Students holding Princeton flag at the Great Wall
Students

China Up Close: A Global Seminar Immerses Students in a Changing Society

December 19, 2016

During a sunrise run in China’s remote Gansu Province last summer, Sam Rasmussen ’19 felt he was traveling back in time to China as it looked decades ago. He jogged on unpaved roads through desert terrain, past homes made of adobe and farmers working in their fields. When he needed a pit stop, a farmer led Rasmussen behind his house to a concrete slab over two holes in the ground. 

It was a stark contrast to the bustling city of Beijing, where he had spent most of the previous four weeks. “It’s so busy and chaotic in Beijing.
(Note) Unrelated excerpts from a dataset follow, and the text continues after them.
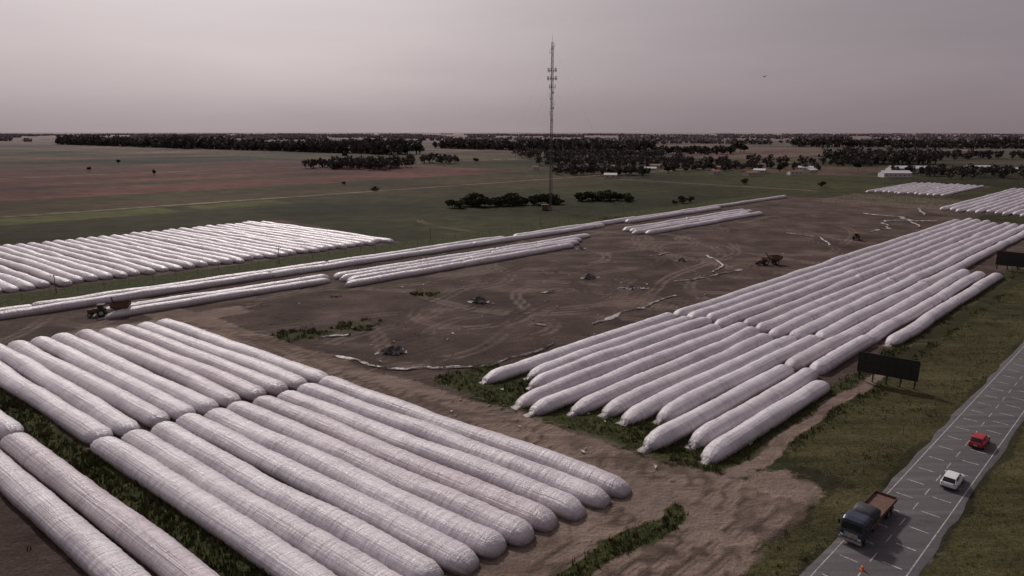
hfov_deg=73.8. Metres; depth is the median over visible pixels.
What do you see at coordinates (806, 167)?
roof
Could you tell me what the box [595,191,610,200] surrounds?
shrub
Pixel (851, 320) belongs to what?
grain bag
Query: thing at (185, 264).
grain bag
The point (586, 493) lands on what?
grain bag
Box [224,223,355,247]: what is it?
grain bag
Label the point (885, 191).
grain bag
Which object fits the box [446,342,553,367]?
plastic sheet
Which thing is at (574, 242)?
grain bag
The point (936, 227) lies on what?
grain bag
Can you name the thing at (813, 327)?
grain bag
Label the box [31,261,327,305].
grain bag
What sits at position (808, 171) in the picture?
walls
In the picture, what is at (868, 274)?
grain bag
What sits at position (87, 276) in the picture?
grain bag
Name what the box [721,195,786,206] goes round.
grain bag
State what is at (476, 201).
shrub
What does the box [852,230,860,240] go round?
loader tractor
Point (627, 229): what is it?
grain bag
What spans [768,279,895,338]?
grain bag
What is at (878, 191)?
grain bag
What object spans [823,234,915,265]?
grain bag
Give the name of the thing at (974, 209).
grain bag
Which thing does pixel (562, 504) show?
grain bag
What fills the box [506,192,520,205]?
shrub
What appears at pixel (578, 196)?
shrub
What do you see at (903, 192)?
grain bag
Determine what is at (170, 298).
grain bag
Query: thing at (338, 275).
grain bag
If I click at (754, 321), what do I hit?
grain bag
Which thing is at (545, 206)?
radio mast
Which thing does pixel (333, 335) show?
plastic sheet
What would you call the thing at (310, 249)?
grain bag
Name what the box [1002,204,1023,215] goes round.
grain bag
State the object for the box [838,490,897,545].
flatbed truck
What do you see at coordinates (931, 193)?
grain bag
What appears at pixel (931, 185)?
grain bag
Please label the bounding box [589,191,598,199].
shrub
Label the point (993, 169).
village trees
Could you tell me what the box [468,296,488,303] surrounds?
plastic heap
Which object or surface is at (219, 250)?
grain bag
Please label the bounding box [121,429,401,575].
grain bag
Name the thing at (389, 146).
eucalyptus belt
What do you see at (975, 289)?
grain bag
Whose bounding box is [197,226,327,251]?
grain bag
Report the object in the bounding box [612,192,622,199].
shrub
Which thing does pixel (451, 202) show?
shrub
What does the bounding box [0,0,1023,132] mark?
sky
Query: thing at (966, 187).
grain bag
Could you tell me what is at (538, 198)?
shrub
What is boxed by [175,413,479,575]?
grain bag
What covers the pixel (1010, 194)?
grain bag
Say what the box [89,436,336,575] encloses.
grain bag
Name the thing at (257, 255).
grain bag
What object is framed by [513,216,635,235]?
grain bag
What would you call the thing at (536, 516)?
grain bag
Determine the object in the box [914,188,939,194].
grain bag
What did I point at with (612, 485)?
grain bag
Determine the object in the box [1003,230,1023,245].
grain bag
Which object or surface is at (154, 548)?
grain bag
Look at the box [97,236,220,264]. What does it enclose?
grain bag
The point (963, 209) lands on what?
grain bag
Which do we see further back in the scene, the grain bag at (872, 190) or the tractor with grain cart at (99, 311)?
the grain bag at (872, 190)
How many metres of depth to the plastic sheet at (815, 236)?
266.36 m
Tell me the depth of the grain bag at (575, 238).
240.99 m
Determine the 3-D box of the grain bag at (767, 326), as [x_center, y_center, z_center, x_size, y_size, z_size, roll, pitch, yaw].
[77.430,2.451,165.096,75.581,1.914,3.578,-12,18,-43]
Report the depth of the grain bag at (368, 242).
266.64 m
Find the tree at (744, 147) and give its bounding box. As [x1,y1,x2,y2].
[741,144,748,153]
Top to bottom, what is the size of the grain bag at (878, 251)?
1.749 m
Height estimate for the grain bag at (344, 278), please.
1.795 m
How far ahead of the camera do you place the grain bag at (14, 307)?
154.61 m
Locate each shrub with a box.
[445,199,455,207]
[454,201,463,207]
[460,193,478,206]
[464,194,476,205]
[472,192,489,206]
[472,197,484,204]
[484,199,496,205]
[492,195,510,206]
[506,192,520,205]
[516,196,526,203]
[530,194,545,204]
[544,193,554,203]
[551,194,564,203]
[574,191,590,201]
[574,192,584,199]
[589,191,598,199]
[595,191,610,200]
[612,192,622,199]
[621,193,633,201]
[678,195,686,202]
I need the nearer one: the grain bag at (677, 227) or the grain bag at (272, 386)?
the grain bag at (272, 386)
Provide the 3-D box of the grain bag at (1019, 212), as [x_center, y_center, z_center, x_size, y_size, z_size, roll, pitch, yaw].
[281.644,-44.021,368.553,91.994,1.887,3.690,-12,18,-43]
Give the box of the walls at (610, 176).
[604,175,616,177]
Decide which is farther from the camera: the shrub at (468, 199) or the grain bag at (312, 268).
the shrub at (468, 199)
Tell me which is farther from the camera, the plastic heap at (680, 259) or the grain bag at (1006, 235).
the grain bag at (1006, 235)
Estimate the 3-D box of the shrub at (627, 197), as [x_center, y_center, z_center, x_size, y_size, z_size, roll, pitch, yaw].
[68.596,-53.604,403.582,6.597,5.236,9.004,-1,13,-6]
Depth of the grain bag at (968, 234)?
273.00 m
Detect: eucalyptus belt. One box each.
[54,133,424,154]
[432,135,736,154]
[790,135,1023,148]
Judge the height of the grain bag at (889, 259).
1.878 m
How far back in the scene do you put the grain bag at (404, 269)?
197.67 m
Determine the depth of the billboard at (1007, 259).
201.38 m
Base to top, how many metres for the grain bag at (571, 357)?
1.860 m
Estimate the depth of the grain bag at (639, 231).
283.99 m
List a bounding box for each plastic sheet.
[321,334,347,336]
[331,354,442,369]
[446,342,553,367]
[593,295,676,323]
[675,269,741,281]
[706,255,723,271]
[785,232,830,244]
[865,213,919,226]
[868,220,930,232]
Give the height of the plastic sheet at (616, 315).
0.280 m
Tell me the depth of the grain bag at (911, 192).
461.20 m
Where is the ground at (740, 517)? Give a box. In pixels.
[0,133,1023,575]
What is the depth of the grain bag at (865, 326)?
146.47 m
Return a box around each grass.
[0,291,1023,575]
[598,216,1021,372]
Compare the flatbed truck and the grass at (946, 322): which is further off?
the grass at (946, 322)
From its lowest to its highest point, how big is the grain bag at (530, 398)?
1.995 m
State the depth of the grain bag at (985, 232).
269.65 m
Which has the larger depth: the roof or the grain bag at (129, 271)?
the roof
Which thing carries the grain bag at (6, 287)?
on the ground at (740, 517)
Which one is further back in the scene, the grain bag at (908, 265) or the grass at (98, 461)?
the grain bag at (908, 265)
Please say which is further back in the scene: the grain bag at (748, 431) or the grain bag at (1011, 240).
the grain bag at (1011, 240)
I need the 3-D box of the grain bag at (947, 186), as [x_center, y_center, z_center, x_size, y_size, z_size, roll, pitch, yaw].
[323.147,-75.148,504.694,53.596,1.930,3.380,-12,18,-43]
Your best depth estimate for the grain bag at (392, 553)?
71.60 m
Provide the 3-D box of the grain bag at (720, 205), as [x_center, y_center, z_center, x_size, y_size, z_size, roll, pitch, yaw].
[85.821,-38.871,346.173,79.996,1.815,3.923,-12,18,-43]
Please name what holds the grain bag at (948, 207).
on the ground at (740, 517)
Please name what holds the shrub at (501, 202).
on the ground at (740, 517)
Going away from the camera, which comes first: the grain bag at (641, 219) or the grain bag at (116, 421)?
the grain bag at (116, 421)
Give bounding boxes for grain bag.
[0,246,98,281]
[0,251,83,282]
[0,258,72,286]
[0,265,49,287]
[0,272,272,319]
[0,273,35,290]
[0,279,18,292]
[0,304,31,310]
[0,343,140,436]
[0,361,113,444]
[0,409,23,439]
[0,432,219,575]
[0,449,150,575]
[2,244,112,279]
[7,340,169,427]
[14,243,127,278]
[26,242,140,275]
[30,336,195,420]
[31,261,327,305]
[41,241,155,274]
[51,333,218,415]
[52,240,168,271]
[65,239,182,270]
[75,237,194,268]
[75,329,241,407]
[86,237,207,266]
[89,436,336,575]
[92,274,330,316]
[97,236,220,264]
[98,278,330,319]
[98,328,267,400]
[109,234,232,264]
[116,324,288,395]
[121,234,244,263]
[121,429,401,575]
[129,232,253,259]
[136,322,307,389]
[140,231,263,258]
[150,231,277,258]
[150,421,443,575]
[156,318,328,383]
[161,230,287,256]
[168,229,296,254]
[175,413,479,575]
[177,227,308,253]
[191,227,319,252]
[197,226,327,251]
[204,225,335,249]
[204,408,506,558]
[216,224,346,248]
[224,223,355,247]
[226,401,534,546]
[235,223,363,245]
[241,222,374,245]
[247,221,378,243]
[252,395,558,532]
[261,221,393,242]
[270,242,474,277]
[277,390,585,520]
[297,383,610,508]
[318,376,631,497]
[327,236,503,262]
[333,248,496,278]
[339,251,491,281]
[345,262,465,287]
[346,257,470,282]
[463,243,573,266]
[470,240,579,258]
[472,223,604,246]
[479,312,676,384]
[491,237,581,252]
[495,233,590,249]
[511,324,721,409]
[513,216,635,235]
[523,316,691,379]
[523,322,747,417]
[526,317,711,389]
[566,326,759,417]
[598,333,773,418]
[616,335,796,426]
[622,218,687,231]
[625,206,720,222]
[629,219,691,232]
[632,220,700,234]
[636,204,722,217]
[637,364,794,453]
[645,219,717,234]
[650,335,820,425]
[673,263,830,317]
[683,368,818,450]
[686,209,744,219]
[687,263,843,319]
[690,209,752,219]
[699,380,830,464]
[700,211,748,220]
[706,270,841,321]
[714,269,858,327]
[715,211,762,222]
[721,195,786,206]
[743,276,863,326]
[756,273,889,332]
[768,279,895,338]
[785,333,852,370]
[789,275,920,339]
[809,334,873,374]
[815,282,928,340]
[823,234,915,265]
[836,241,921,272]
[837,235,926,265]
[841,296,921,338]
[855,236,961,280]
[856,238,943,272]
[865,296,941,343]
[866,186,894,191]
[874,186,901,192]
[882,186,909,192]
[883,299,960,346]
[884,241,965,275]
[886,238,983,282]
[888,186,914,192]
[894,186,921,192]
[895,182,916,186]
[897,187,924,193]
[907,187,933,193]
[910,269,969,300]
[911,219,959,235]
[911,241,993,279]
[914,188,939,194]
[917,219,980,243]
[918,188,943,194]
[918,241,1008,285]
[920,183,941,186]
[920,218,972,235]
[926,188,951,194]
[933,189,957,195]
[934,271,984,302]
[937,184,959,188]
[939,220,990,240]
[940,196,986,209]
[941,189,965,195]
[950,196,994,210]
[950,273,1002,303]
[952,184,969,188]
[956,197,999,211]
[957,185,976,189]
[958,222,997,239]
[961,222,1010,242]
[965,185,983,190]
[966,198,1009,211]
[975,198,1016,212]
[981,223,1017,240]
[984,224,1023,244]
[986,188,1016,197]
[986,198,1023,212]
[994,188,1023,197]
[994,201,1023,213]
[999,190,1023,198]
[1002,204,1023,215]
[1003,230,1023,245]
[1007,192,1023,198]
[1012,209,1023,214]
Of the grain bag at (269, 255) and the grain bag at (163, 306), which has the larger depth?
the grain bag at (269, 255)
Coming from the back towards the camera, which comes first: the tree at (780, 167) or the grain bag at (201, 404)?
the tree at (780, 167)
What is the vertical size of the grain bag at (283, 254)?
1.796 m
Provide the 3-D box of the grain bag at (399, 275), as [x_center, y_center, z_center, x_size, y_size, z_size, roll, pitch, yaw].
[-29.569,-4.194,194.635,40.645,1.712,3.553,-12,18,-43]
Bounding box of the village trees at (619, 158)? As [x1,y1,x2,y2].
[511,147,820,175]
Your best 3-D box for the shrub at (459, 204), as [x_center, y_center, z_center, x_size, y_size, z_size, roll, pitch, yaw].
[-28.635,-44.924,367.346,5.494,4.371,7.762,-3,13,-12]
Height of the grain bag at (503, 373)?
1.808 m
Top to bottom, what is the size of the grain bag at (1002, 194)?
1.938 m
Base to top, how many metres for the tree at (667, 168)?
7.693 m
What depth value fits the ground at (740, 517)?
163.76 m
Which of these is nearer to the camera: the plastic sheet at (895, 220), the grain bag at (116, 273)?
the grain bag at (116, 273)
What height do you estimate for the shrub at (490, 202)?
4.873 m
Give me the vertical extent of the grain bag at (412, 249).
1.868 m
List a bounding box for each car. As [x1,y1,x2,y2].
[940,470,964,489]
[968,432,990,448]
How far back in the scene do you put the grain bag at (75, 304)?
166.96 m
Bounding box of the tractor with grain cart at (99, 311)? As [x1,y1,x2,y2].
[87,297,130,316]
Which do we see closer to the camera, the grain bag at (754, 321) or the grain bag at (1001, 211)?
the grain bag at (754, 321)
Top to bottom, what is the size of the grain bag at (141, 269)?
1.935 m
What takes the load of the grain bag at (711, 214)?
on the ground at (740, 517)
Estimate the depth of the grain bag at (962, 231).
275.55 m
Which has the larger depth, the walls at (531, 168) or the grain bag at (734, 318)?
the walls at (531, 168)
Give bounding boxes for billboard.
[857,351,920,389]
[995,251,1023,271]
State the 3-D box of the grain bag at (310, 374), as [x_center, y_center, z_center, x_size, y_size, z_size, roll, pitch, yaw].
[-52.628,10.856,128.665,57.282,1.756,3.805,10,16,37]
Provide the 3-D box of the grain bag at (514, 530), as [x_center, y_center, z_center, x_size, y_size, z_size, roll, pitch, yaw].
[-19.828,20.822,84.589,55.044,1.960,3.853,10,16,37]
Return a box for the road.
[799,341,1023,575]
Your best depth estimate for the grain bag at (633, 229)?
290.20 m
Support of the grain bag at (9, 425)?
on the ground at (740, 517)
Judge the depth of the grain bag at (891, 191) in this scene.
469.50 m
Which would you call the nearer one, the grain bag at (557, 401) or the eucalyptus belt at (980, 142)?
the grain bag at (557, 401)
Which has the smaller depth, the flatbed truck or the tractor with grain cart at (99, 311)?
the flatbed truck
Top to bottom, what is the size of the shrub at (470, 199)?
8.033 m
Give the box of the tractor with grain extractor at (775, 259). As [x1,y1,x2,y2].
[755,253,782,264]
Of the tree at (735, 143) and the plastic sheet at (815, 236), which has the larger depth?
the tree at (735, 143)
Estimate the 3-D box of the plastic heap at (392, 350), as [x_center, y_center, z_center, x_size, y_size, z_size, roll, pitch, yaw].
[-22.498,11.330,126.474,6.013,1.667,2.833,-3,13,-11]
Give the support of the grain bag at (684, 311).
on the ground at (740, 517)
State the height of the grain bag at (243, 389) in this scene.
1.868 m
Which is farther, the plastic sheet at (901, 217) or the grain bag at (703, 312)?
the plastic sheet at (901, 217)
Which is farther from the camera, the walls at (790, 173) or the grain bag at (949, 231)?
the walls at (790, 173)
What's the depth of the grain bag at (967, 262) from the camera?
207.83 m
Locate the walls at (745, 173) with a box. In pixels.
[742,171,759,175]
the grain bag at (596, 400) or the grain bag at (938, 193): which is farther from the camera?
the grain bag at (938, 193)
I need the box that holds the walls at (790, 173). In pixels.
[787,170,802,174]
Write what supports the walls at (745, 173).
on the ground at (740, 517)
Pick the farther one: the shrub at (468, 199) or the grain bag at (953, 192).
the grain bag at (953, 192)
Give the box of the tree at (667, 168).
[664,166,672,172]
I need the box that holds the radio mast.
[497,38,624,213]
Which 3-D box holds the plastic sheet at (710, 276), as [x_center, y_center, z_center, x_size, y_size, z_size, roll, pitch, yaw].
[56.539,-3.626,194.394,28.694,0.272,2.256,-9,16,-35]
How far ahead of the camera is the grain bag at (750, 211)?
328.84 m
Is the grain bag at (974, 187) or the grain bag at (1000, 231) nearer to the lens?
the grain bag at (1000, 231)
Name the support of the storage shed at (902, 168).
on the ground at (740, 517)
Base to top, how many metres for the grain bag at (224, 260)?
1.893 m
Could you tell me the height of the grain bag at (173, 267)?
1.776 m
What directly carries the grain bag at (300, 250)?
on the ground at (740, 517)
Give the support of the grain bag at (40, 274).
on the ground at (740, 517)
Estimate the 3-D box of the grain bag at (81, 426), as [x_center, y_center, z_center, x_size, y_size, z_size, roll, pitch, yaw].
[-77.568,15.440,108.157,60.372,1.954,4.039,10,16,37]
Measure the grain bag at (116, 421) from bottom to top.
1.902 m
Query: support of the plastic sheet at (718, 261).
on the ground at (740, 517)
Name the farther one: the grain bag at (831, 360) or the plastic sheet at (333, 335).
the plastic sheet at (333, 335)
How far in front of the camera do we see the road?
78.72 m
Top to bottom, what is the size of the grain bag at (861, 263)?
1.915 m
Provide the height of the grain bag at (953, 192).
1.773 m
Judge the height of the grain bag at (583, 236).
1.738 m
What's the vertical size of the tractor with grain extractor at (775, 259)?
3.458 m
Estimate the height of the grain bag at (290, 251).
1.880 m
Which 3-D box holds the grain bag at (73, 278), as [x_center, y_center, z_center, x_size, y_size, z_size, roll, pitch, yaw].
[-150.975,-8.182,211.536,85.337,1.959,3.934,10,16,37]
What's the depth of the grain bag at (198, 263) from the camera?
225.50 m
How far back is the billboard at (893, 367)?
110.21 m
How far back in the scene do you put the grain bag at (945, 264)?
211.25 m
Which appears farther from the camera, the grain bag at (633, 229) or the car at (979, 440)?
the grain bag at (633, 229)
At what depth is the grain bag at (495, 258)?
222.47 m
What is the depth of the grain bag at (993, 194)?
446.17 m
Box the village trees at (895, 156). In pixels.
[818,145,1023,164]
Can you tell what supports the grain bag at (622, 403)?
on the ground at (740, 517)
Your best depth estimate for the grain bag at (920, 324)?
141.89 m
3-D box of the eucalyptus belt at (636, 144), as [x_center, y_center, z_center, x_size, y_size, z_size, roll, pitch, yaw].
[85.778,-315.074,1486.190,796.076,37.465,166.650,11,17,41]
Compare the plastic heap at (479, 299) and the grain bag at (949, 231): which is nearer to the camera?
the plastic heap at (479, 299)
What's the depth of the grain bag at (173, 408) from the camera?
110.08 m
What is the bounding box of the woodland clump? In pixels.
[301,152,459,169]
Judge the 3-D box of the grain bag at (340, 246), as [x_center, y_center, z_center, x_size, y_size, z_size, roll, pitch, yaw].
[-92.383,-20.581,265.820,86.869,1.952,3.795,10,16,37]
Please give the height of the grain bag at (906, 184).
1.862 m
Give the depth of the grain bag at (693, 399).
108.41 m
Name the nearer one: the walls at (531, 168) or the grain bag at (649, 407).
the grain bag at (649, 407)
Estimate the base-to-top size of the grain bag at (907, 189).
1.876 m
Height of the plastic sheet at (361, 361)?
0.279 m
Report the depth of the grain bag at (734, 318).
161.10 m
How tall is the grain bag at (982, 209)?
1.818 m
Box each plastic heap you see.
[375,345,406,354]
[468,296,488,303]
[580,273,598,278]
[617,286,648,289]
[675,258,686,261]
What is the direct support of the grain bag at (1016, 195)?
on the ground at (740, 517)
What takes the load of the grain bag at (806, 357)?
on the ground at (740, 517)
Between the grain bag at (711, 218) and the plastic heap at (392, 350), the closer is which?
the plastic heap at (392, 350)
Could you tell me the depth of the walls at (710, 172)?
657.01 m
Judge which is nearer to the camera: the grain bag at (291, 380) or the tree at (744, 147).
the grain bag at (291, 380)
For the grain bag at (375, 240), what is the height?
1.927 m
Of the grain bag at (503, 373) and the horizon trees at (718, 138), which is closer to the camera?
the grain bag at (503, 373)
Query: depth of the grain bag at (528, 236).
265.43 m
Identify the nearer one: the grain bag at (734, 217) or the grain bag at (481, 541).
the grain bag at (481, 541)
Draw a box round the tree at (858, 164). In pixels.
[853,162,862,170]
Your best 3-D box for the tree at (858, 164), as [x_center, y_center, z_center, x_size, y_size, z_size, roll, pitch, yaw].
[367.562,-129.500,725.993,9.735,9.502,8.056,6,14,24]
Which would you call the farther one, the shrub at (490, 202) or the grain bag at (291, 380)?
the shrub at (490, 202)
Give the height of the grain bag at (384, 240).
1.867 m
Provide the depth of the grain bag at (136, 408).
105.68 m
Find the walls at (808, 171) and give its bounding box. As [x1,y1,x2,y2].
[803,169,817,172]
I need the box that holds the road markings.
[810,346,1023,575]
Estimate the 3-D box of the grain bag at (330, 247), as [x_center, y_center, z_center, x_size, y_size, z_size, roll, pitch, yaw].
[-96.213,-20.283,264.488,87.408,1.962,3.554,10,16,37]
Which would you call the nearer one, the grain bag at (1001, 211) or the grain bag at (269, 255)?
the grain bag at (269, 255)
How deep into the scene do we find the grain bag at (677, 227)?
288.15 m
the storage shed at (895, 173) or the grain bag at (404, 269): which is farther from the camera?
the storage shed at (895, 173)
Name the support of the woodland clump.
on the ground at (740, 517)
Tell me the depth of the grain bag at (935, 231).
282.11 m
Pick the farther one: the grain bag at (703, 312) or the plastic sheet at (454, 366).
the grain bag at (703, 312)
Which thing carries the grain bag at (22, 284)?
on the ground at (740, 517)
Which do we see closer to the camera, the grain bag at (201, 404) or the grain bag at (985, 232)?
the grain bag at (201, 404)
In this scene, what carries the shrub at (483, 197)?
on the ground at (740, 517)
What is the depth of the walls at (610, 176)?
605.23 m
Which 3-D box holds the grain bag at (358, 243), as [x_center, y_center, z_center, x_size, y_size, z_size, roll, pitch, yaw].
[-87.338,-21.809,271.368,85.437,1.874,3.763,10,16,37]
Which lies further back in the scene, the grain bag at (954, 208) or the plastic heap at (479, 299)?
the grain bag at (954, 208)
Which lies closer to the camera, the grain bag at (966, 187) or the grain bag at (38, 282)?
the grain bag at (38, 282)
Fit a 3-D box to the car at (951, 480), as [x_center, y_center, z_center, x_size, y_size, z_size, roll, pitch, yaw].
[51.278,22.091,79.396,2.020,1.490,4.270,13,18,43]
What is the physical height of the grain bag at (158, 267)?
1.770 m
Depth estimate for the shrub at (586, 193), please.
403.77 m
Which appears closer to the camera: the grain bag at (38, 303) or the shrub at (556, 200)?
the grain bag at (38, 303)
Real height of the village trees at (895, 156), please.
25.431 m
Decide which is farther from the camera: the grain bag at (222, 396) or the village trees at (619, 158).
the village trees at (619, 158)
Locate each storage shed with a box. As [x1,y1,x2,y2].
[878,170,911,177]
[885,166,925,172]
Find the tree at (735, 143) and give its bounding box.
[731,141,739,148]
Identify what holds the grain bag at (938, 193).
on the ground at (740, 517)
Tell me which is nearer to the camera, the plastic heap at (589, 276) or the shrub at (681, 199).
the plastic heap at (589, 276)
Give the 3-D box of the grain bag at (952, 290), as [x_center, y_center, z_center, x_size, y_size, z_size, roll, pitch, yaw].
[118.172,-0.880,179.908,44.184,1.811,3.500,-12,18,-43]
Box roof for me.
[798,166,813,167]
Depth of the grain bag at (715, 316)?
164.44 m
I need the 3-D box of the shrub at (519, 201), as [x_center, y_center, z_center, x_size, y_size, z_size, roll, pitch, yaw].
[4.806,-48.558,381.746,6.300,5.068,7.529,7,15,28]
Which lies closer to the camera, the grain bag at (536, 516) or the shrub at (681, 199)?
the grain bag at (536, 516)
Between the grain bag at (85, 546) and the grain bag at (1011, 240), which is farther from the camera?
the grain bag at (1011, 240)
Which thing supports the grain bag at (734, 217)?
on the ground at (740, 517)
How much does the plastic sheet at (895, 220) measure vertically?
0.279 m
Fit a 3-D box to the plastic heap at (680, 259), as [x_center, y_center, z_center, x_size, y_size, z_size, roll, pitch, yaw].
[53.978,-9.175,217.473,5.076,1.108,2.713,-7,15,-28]
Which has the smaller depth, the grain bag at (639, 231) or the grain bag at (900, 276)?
the grain bag at (900, 276)
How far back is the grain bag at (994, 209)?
365.97 m
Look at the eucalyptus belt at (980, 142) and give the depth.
1841.30 m
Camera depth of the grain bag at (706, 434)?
97.03 m
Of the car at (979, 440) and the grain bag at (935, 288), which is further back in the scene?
the grain bag at (935, 288)
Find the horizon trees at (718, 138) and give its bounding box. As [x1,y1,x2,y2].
[0,133,1023,144]
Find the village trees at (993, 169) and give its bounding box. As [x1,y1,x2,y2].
[749,153,1023,178]
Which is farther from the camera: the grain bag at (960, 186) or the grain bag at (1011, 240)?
the grain bag at (960, 186)
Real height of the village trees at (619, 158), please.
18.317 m
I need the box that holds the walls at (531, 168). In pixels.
[529,166,538,169]
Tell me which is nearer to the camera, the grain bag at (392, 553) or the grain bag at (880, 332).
the grain bag at (392, 553)
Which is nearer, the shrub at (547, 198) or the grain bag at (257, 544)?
the grain bag at (257, 544)
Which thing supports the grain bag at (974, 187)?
on the ground at (740, 517)
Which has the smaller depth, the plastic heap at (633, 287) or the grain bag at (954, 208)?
the plastic heap at (633, 287)
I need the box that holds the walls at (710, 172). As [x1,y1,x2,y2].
[708,170,720,174]
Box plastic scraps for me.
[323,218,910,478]
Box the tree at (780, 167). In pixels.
[776,164,783,170]
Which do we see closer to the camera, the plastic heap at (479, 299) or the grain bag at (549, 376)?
the grain bag at (549, 376)
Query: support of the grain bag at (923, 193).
on the ground at (740, 517)
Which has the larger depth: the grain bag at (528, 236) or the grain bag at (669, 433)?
the grain bag at (528, 236)
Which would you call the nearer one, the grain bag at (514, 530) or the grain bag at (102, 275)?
the grain bag at (514, 530)

I love the energy,” said Rasmussen. “But it was amazing to go out to these rural regions and meet people who live entirely differently.” 

Rasmussen was one of 15 Princeton undergraduates on a six-week Global Seminar to explore contemporary Chinese society, including its burgeoning diversity, rapid change, growing rural-urban divide, and increasing wealth and social disparities. 

An Objective Perspective

Yu Xie, Director of the Center for Contemporary China

“One cannot really understand what’s going on in China without spending time there,” said Yu Xie, the director of Princeton’s Center on Contemporary China, who led the seminar.

Xie, Princeton’s Bert G. Kerstetter ’66 University Professor of Sociology and the Princeton Institute for International and Regional Studies, wanted the students to view the country “from a Chinese perspective, not from an American perspective” and see China “as it is rather than as they think it should be,” he said. Helping them do that were 12 Peking University undergraduates who joined the Princeton students for the seminar.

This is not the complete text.